派遣会社のマージン率って知ってますか?大手でも以外に差がある派遣スタッフに対する還元率

派遣会社はマージンで運営されている。そのマージンの中から派遣社員は福利厚生を受けている

派遣会社は就業先となる企業から料金をもらい、そこから指定のマージン率で求めた金額を差し引いて派遣社員に給与を支払います。このマージン部分で派遣会社は運営されています。この死収益を使って営業や経理など必要な人材の人件費、オフィスの賃料など必要なコストを支払わっているわけです。ざっくりとした説明をすると下記のようなことがいえます。

企業が支払う派遣料金 = 派遣社員の給料 + 派遣会社のマージン

この派遣会社のマージン率は、企業によって異なるため派遣会社選びの重要なポイントのひとつです。ただ、ひとつ注意が必要なのが、マージンがすべて派遣会社のものになるわけではありません。このマージンの中から派遣社員は様々な福利厚生を受けることになりますので、マージンがあまりに低いところは福利厚生をしっかりチェックしてみる必要があります。

大手の派遣会社のマージン率の比較結果

マージン率はどの派遣会社も公表することにあっており検索エンジンなどで派遣会社+マージン率などと検索すると出てきます。ここでは大手派遣会社の3支店ごとに調査した結果をご紹介します。結果はどうかというと、ご覧の通りかなり違う数字で派遣会社毎の特性がでています。

パーソルテンプスタッフ丸の内オフィス20.50%
池袋オフィス22.90%
新宿オフィス23.60%
パソナパソナ・新宿29.70%
パソナ・立川26.80%
パソナ本部29.60%
リクルートスタッフィング本社27.80%
立川27.70%
横浜28.60%
アデコ首都圏130.90%
西東京支社30.60%
新横浜支社30.70%
スタッフサービス池袋第一オフィス36.30%
渋谷第一オフィス36.00%
新宿第一オフィス30.60%

調査数が少ないためこれが全体を表しているとはいえませんが、概ね20~35%前後、28%が平均的といった感じとなりました。これだけを見ると高いようにも思えますが、派遣会社の良い、悪いというのはこうしたマージン率の違いだけで語れるほど単純なものではありません。

マージン率が高い派遣会社=悪い派遣会社というわけではない。そのマージンで何をやってくれるか、どんなことにお金をかけているのかが大切

有給休暇や社会保険、それに研修や教育といった福利厚生がこのマージンから提供されることになります。
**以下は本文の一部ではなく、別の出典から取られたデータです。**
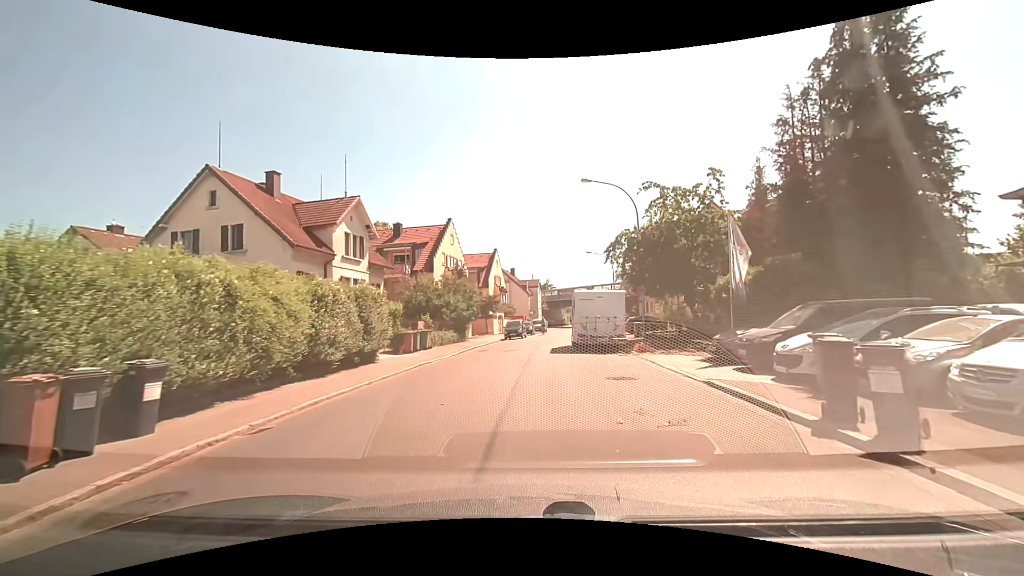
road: tertiary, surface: asphalt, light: Day
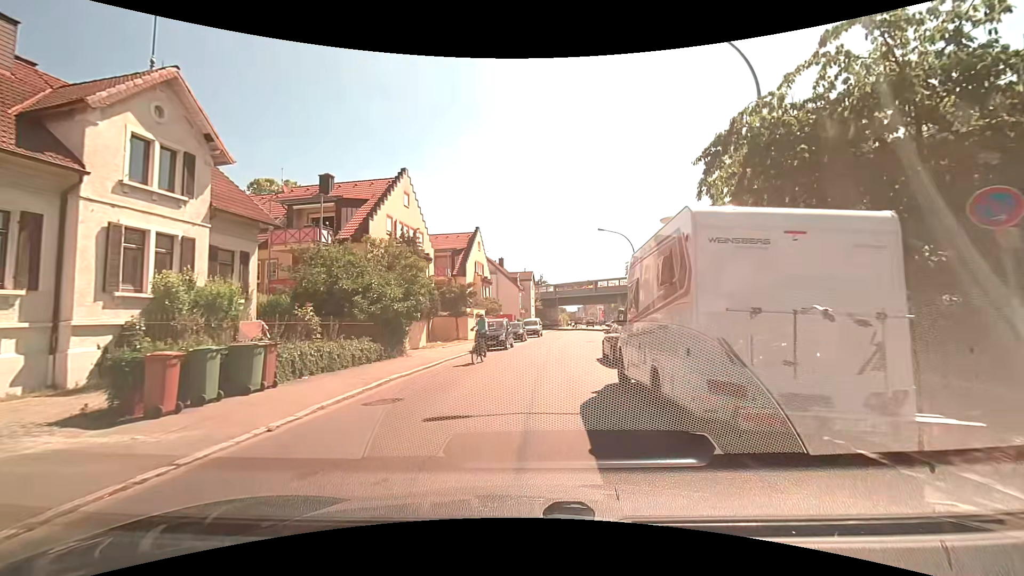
(+0.4, +16.4) m; +1°
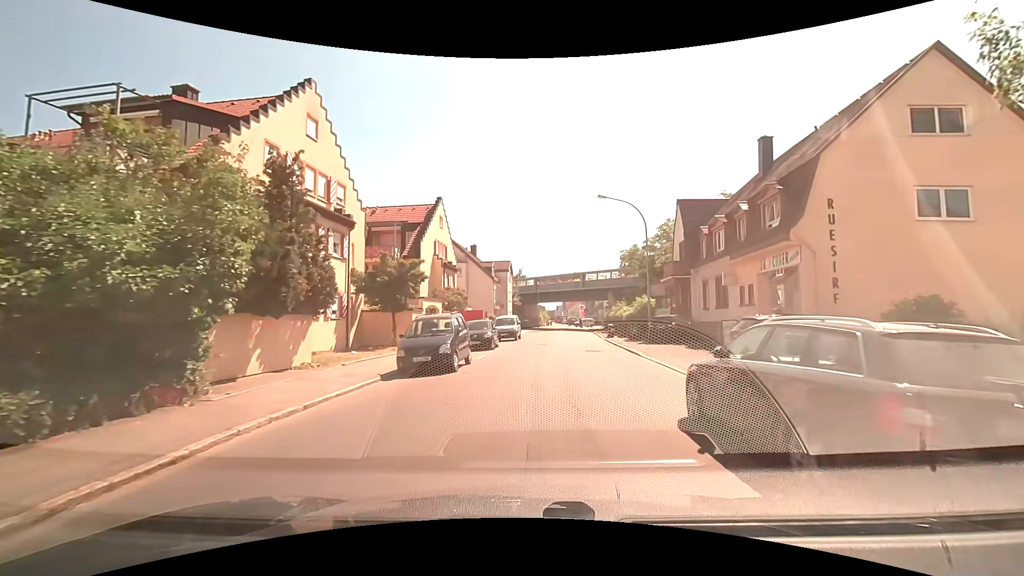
(+0.3, +12.1) m; +3°
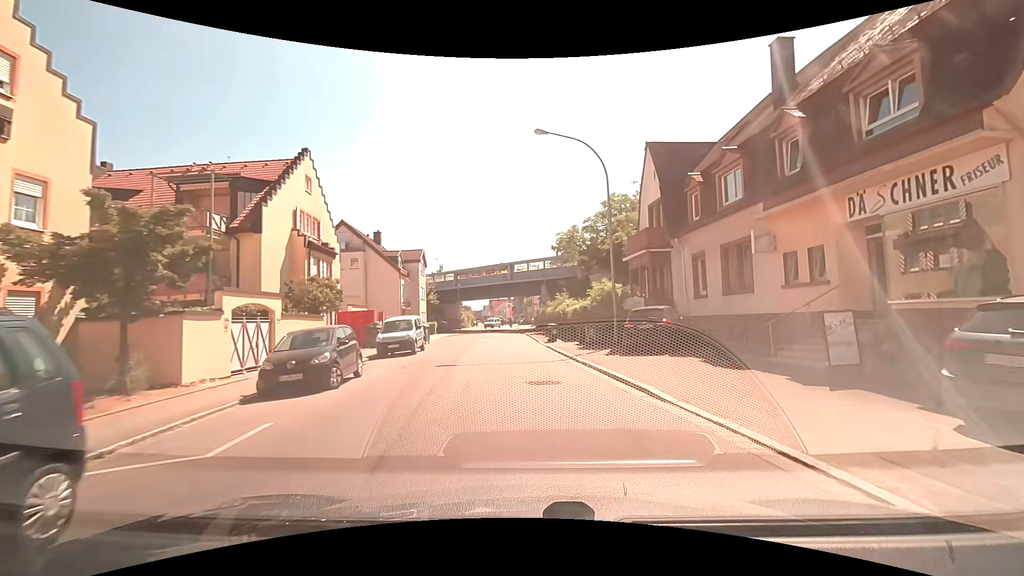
(+0.7, +12.1) m; +8°
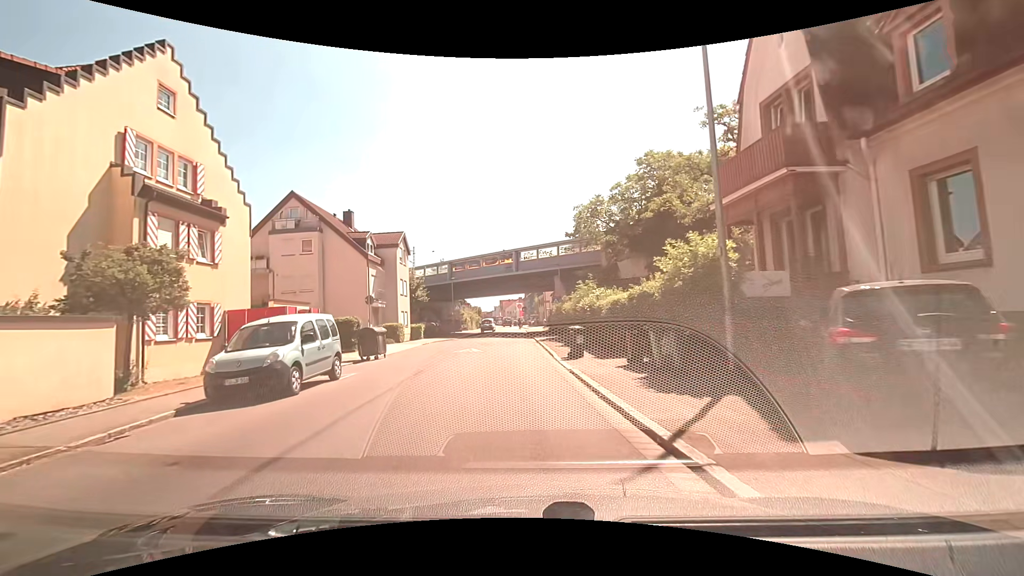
(+0.1, +12.2) m; -2°
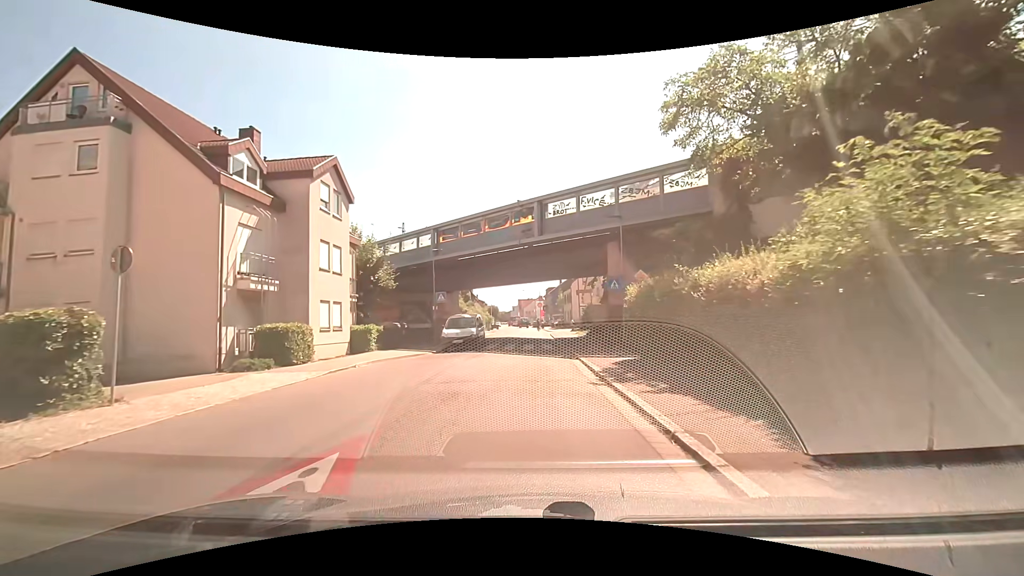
(-0.5, +20.4) m; -1°
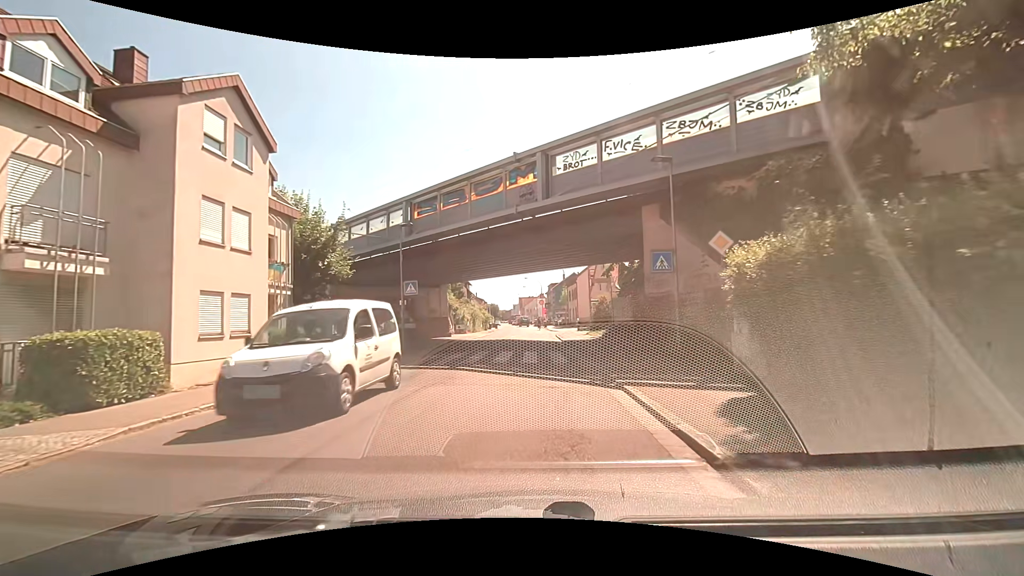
(-0.1, +8.1) m; -1°
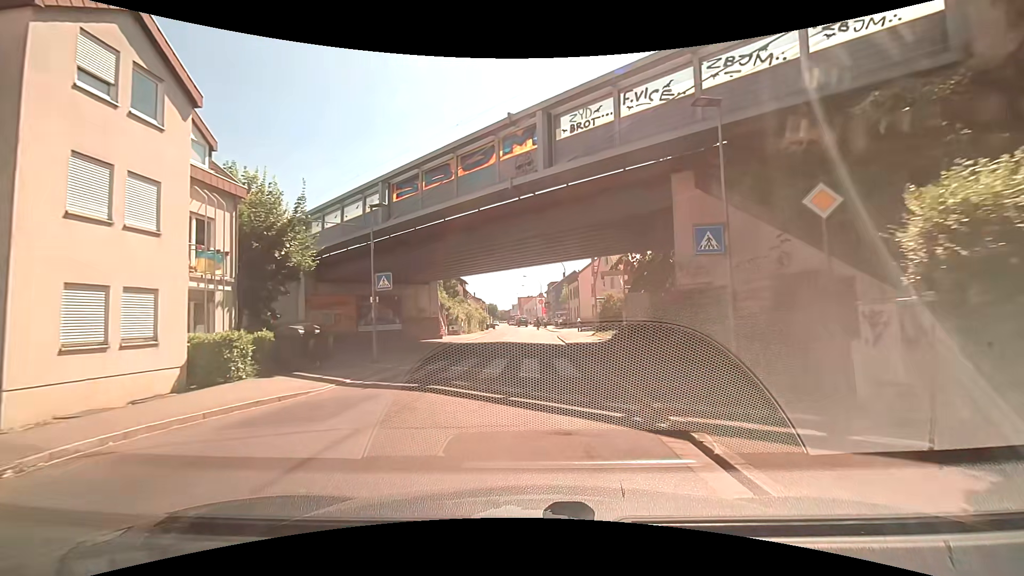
(0.0, +4.1) m; +1°
(0, +10) (0, +20) (0, +30) (0, +40) (0, +50) (0, +60) (-1, +70) (-1, +80) (-1, +90) (-2, +100) m

そこに加えて派遣会社を運営する管理費や利益が入ってくるという仕組みになっていますので、マージン率や金額だけでなく、その中身をチェックすることが重要です。派遣会社によっては研修などは一部有料というところもある一方、全額無料で学習機会を提供するところもあります。あなたが利用したい福利厚生によっては、マージン率が高くとも最終的に得ができる派遣会社も中にはあるかもしれません。

ただ、ひとつ間違いなく言えるのは、販売費や広告宣伝費の割合があまりにも高い派遣会社は労働者への分配率が低い、つまり労働者よりもビジネス重視の派遣会社といえます。そうしたところに登録、就業して満足できるものを得られるかは疑問が残ります。知名度や求人だけで選ぶのではなく、こうしたマージン率も派遣会社選びの際には比較してみましょう。